_Working data_
◇ ◇ ◇ ◇

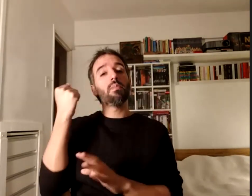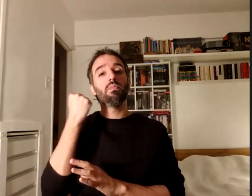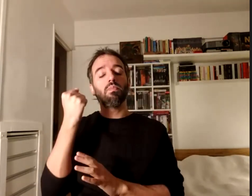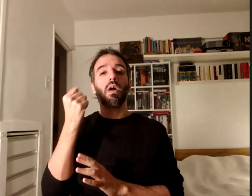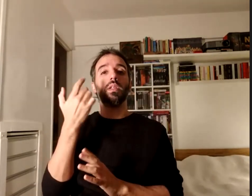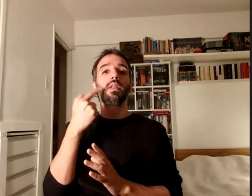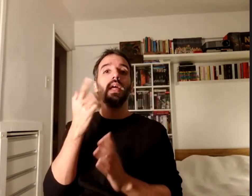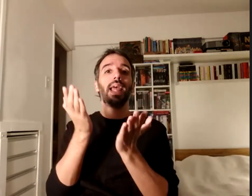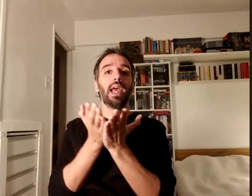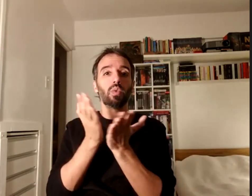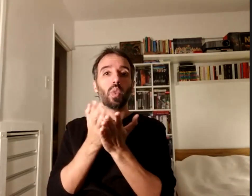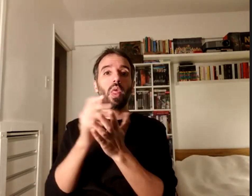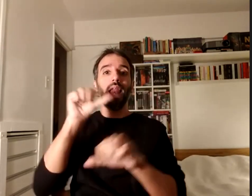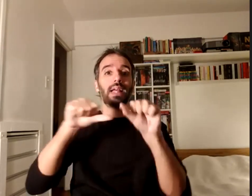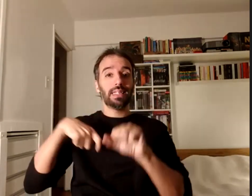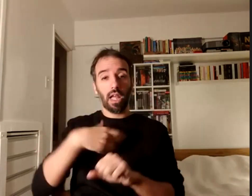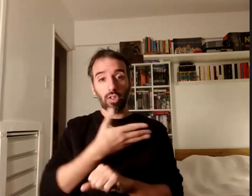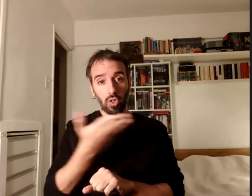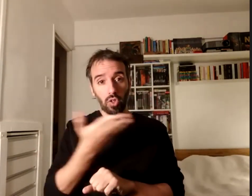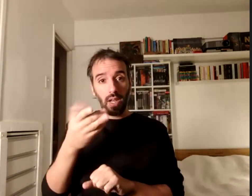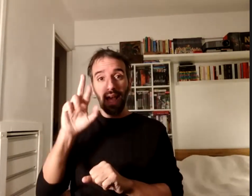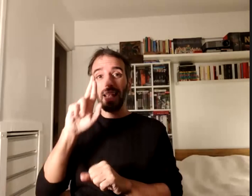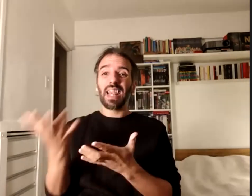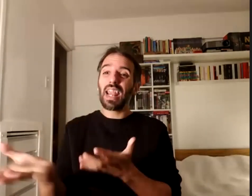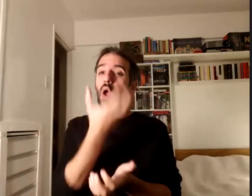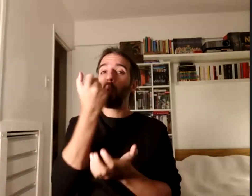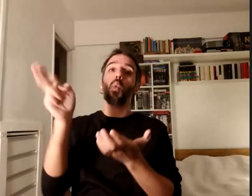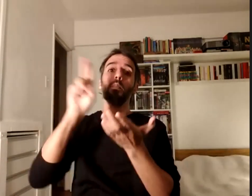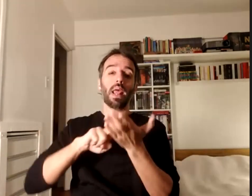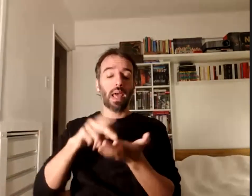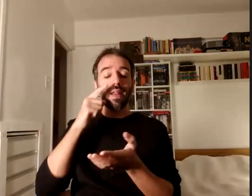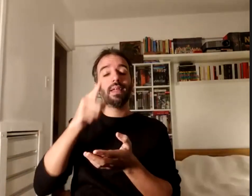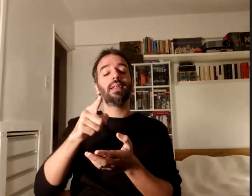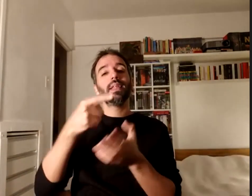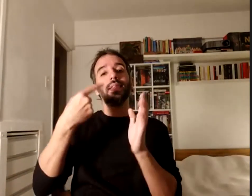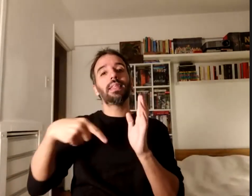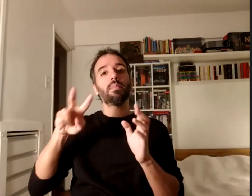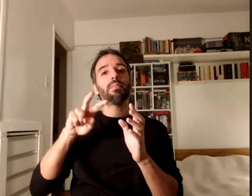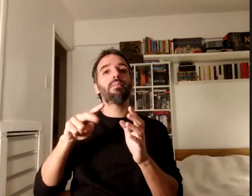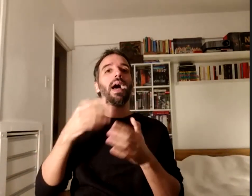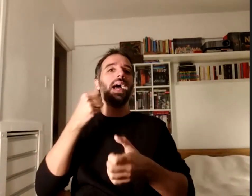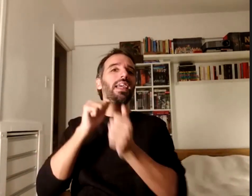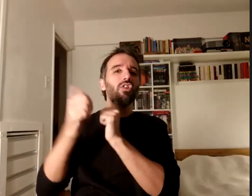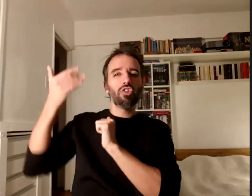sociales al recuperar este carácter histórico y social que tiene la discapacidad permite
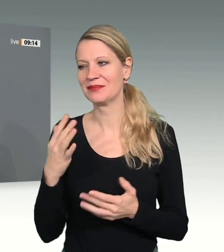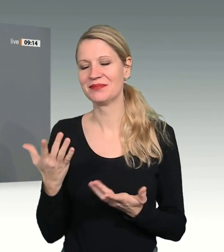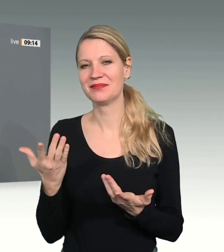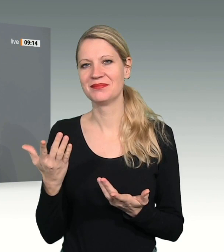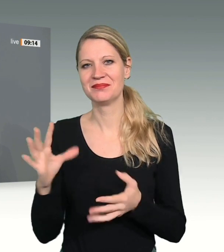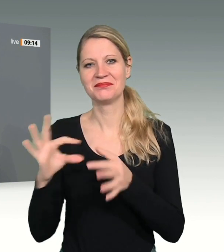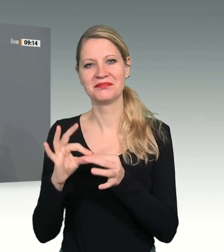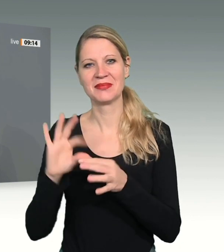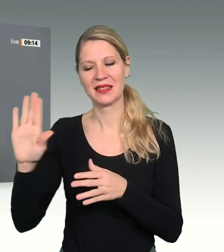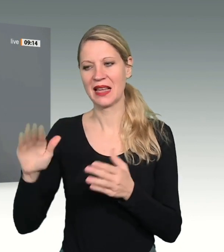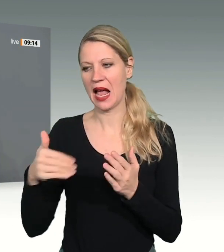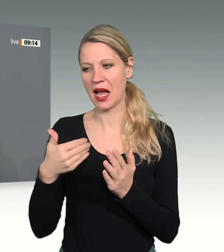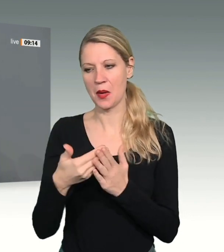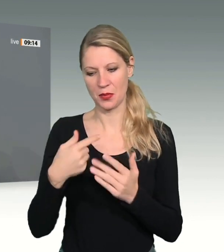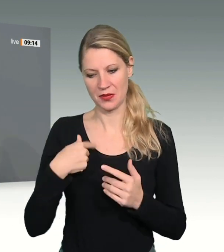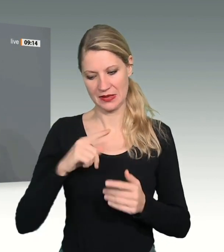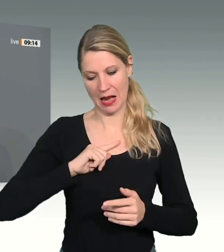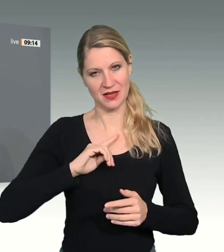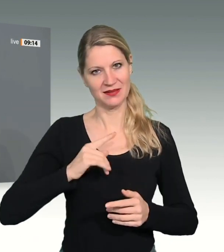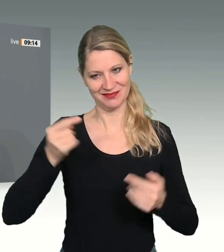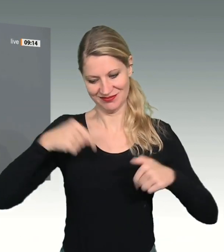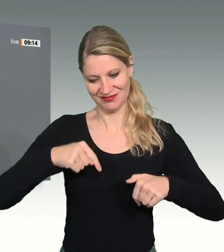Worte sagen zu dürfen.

◇ ◇ ◇ ◇

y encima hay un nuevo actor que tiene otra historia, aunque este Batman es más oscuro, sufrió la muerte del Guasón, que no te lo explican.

◇ ◇ ◇ ◇

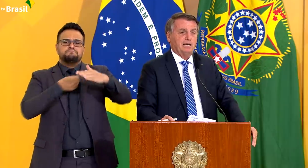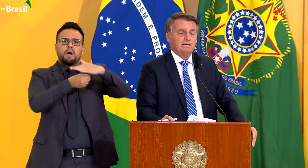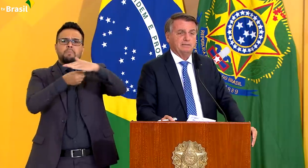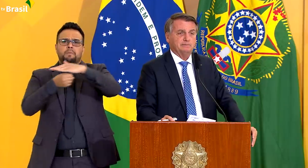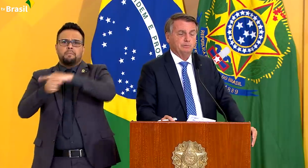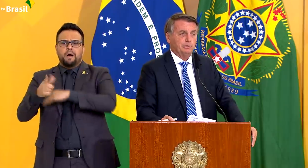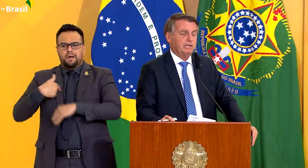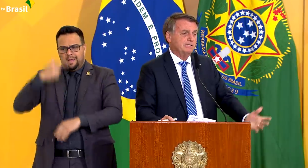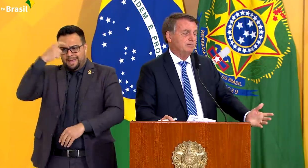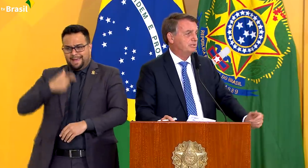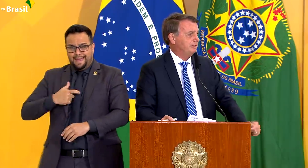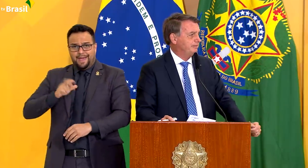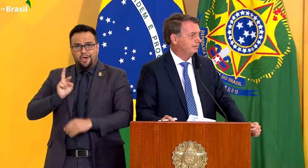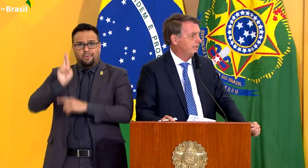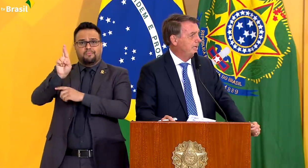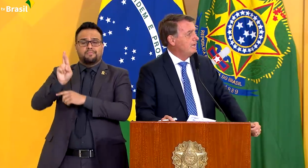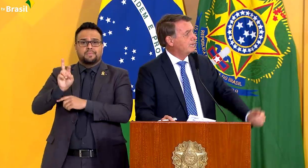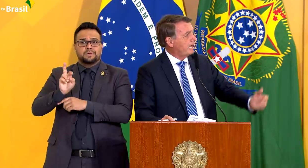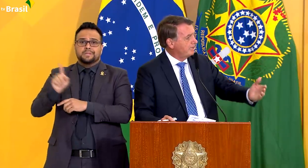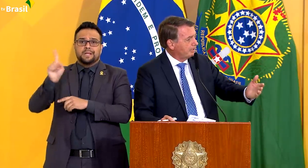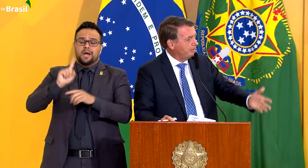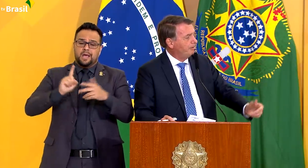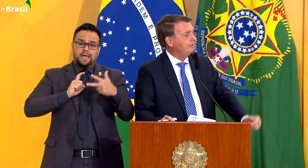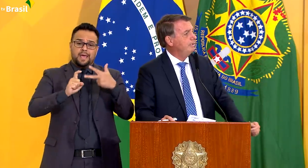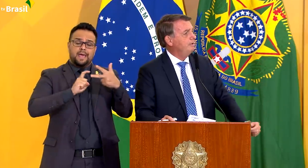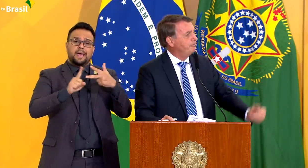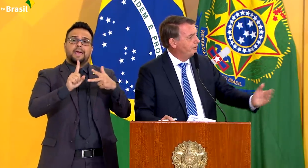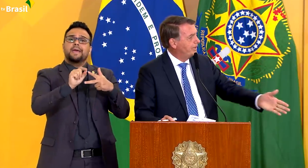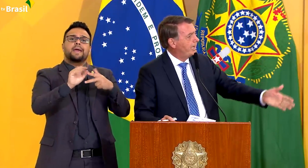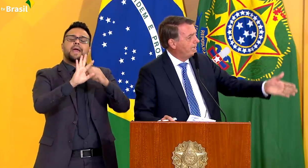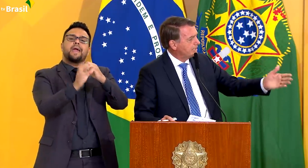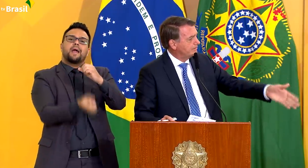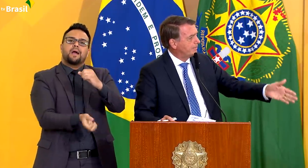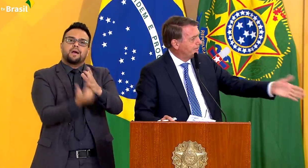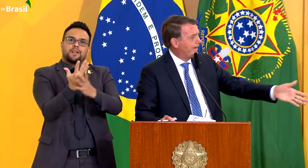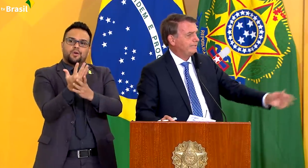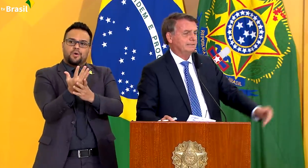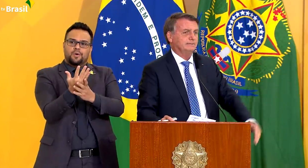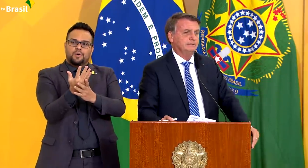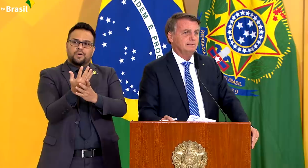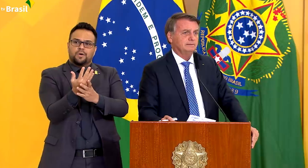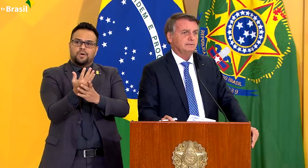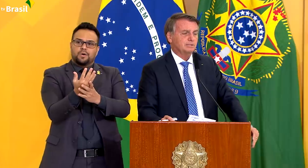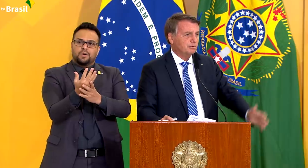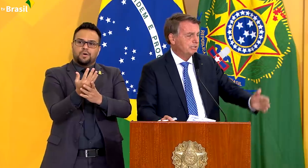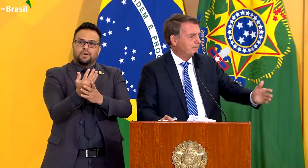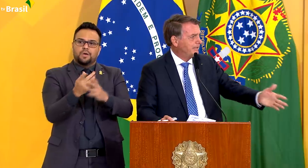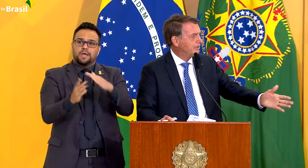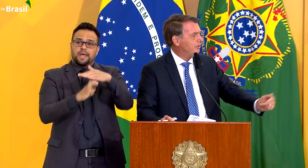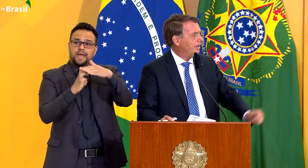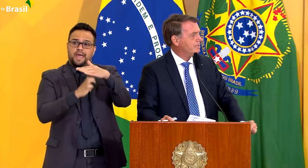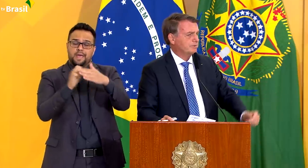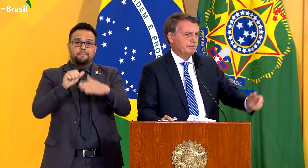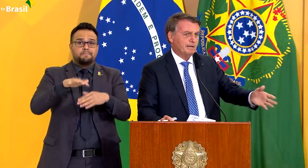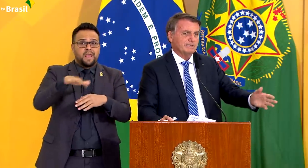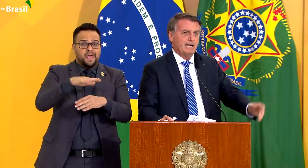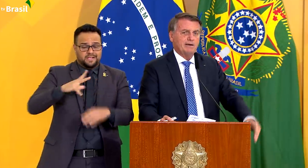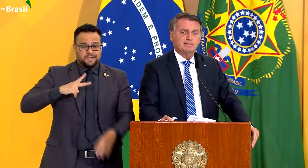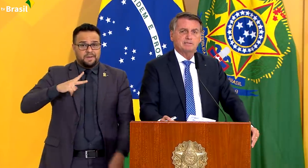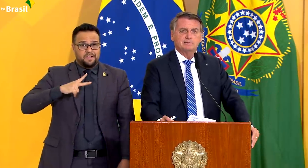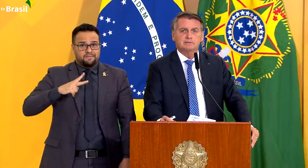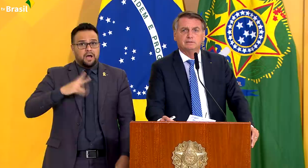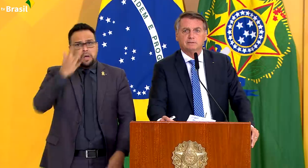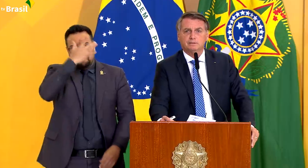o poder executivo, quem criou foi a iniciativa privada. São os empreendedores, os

◇ ◇ ◇ ◇

_Task details_
Whatever pictures the records hold, omit them; give again exactly the lines from the one containing "sociales al recuperar" through the one containing "Worte sagen zu dürfen.".

_Task answer_
sociales al recuperar este carácter histórico y social que tiene la discapacidad permite
Worte sagen zu dürfen.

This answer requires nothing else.